Low fat alternatives to classic dishes can leave you with a sinking feeling and hunger pangs, however this little number really hits the taste spot and is satisfying without busting a gut.
The cream-cheese coated chicken and leek filling flavoured with punchy tarragon and mustard is highly addictive, so be warned!
Make the most of a roast chicken by using the leftovers for this pie. Add some ham if you haven't got enough chicken. If you're not a leek fan try using broccoli or sweetcorn instead.
2 raw chicken breasts cut into chunks, or half the meat from a cooked roast chicken, shredded
1 leek, finely sliced
1 carrot, chopped
250ml chicken stock
2 tsp Dijon mustard
85g light soft cheese
2 tbsp chopped tarragon leaves
3 sheets filo pastry
If using raw chicken, heat 1 tsp vegetable oil in a medium frying pan. Fry the chicken until browned, remove from the pan and set aside.
Add the leek and a splash of stock, and gently fry until soft. Add the carrot with a little more stock and cook for 3 mins.
Pour in the remaining stock and boil until reduced by half, then add the mustard and soft cheese, stirring well to combine.

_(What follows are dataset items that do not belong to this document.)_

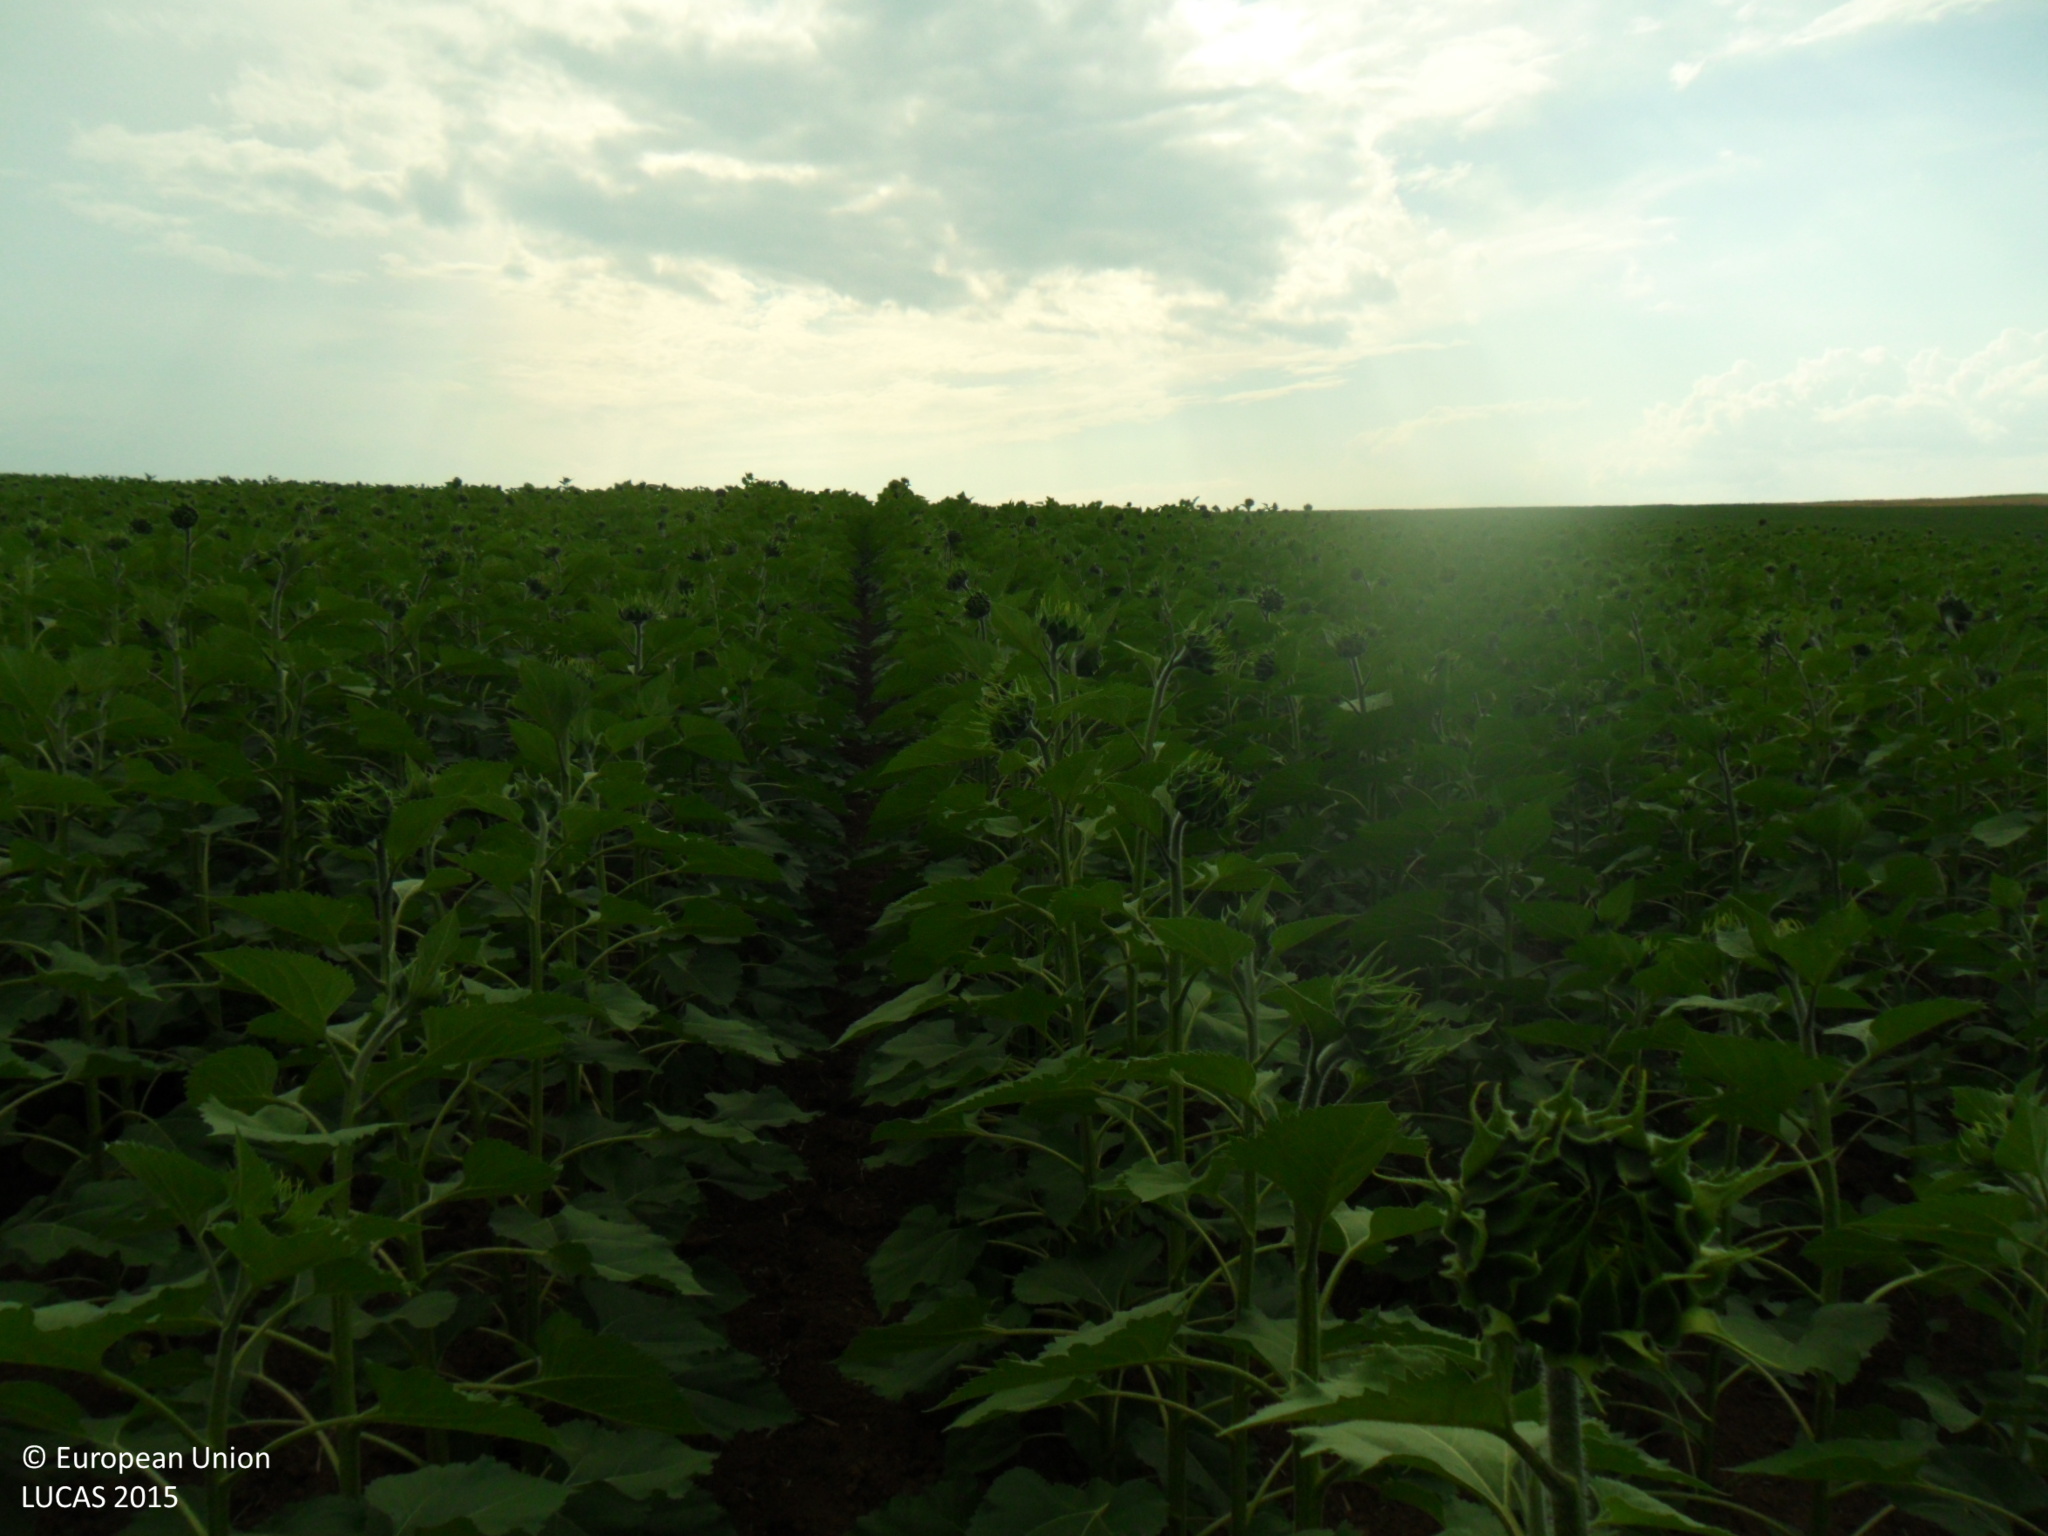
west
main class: Cropland
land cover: Sunflower
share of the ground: > 75 %
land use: Agriculture (excluding fallow land and kitchen gardens)
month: July
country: BG
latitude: 43.6040
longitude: 26.8520

Return the chicken to the pan, add the tarragon and some seasoning.
Heat oven to 200C, 180C Fan, Gas Mark 6.
Pour the mixture into a shallow ovenproof dish. Take the filo sheets and scrunch them up, then place on top of your pie filling and brush with 1 tsp oil.
Cook the pie in the oven for approx 20 mins until golden.
Serve with steamed greens and potato salad.